- Conference: Pacific Coast Conference
- Record: 2–7–1 (2–5–1 PCC)
- Head coach: Howie Odell (1st season);
- Captain: Alf Hemsted
- Home stadium: University of Washington Stadium

= 1948 Washington Huskies football team =

American college football season

The 1948 Washington Huskies football team was an American football team that represented the University of Washington during the 1948 college football season. In its first season under head coach Howie Odell, the team compiled a 2–7–1 record, finished in seventh place in the Pacific Coast Conference, and was outscored 189 to 89. Alf Hemsted was the team captain.

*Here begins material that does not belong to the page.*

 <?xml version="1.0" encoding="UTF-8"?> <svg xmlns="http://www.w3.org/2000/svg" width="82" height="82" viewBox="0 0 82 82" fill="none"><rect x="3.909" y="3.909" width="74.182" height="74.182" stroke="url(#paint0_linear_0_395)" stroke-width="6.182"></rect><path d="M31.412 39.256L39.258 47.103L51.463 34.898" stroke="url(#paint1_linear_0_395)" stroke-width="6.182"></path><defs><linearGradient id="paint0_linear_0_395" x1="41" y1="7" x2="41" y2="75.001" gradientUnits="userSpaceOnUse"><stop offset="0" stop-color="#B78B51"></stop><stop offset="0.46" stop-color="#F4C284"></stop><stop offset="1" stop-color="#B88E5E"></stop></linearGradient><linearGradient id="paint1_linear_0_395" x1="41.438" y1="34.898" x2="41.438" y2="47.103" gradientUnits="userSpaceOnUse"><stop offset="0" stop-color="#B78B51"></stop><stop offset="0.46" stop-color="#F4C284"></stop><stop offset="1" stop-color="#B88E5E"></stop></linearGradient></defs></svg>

Washington was ranked at No. 62 in the final Litkenhous Difference by Score System ratings for 1948.

==Schedule==

| Date | Opponent | Site | Result | Attendance | Source |
| September 25 | Minnesota* | University of Washington Stadium; Seattle, WA; | L 0–20 | 42,000 |  |
| October 2 | at Oregon State | Multnomah Stadium; Portland, OR; | T 14–14 | 25,000 |  |
| October 9 | UCLA | University of Washington Stadium; Seattle, WA; | W 27–6 | 28,500 |  |
| October 16 | at Washington State | Rogers Field; Pullman, WA (rivalry); | L 0–10 | 23,000 |  |
| October 23 | No. 4 California | University of Washington Stadium; Seattle, WA; | L 0–21 | 38,000 |  |
| October 30 | at Stanford | Stanford Stadium; Stanford, CA; | L 0–20 | 35,000 |  |
| November 6 | No. 16 Oregon | University of Washington Stadium; Seattle, WA (rivalry); | L 7–13 | 33,000 |  |
| November 13 | at USC | Los Angeles Memorial Coliseum; Los Angeles, CA; | L 7–32 | 44,345 |  |
| November 20 | Idaho | University of Washington Stadium; Seattle, WA; | W 34–7 | 20,000 |  |
| November 27 | at No. 2 Notre Dame* | Notre Dame Stadium; Notre Dame, IN; | L 0–46 | 50,609 |  |
*Non-conference game; Rankings from AP Poll released prior to the game; Source: ;

==Professional football draft selections==
One University of Washington Husky was selected in the 1949 AAFC Draft, which lasted 29 rounds with 136 selections.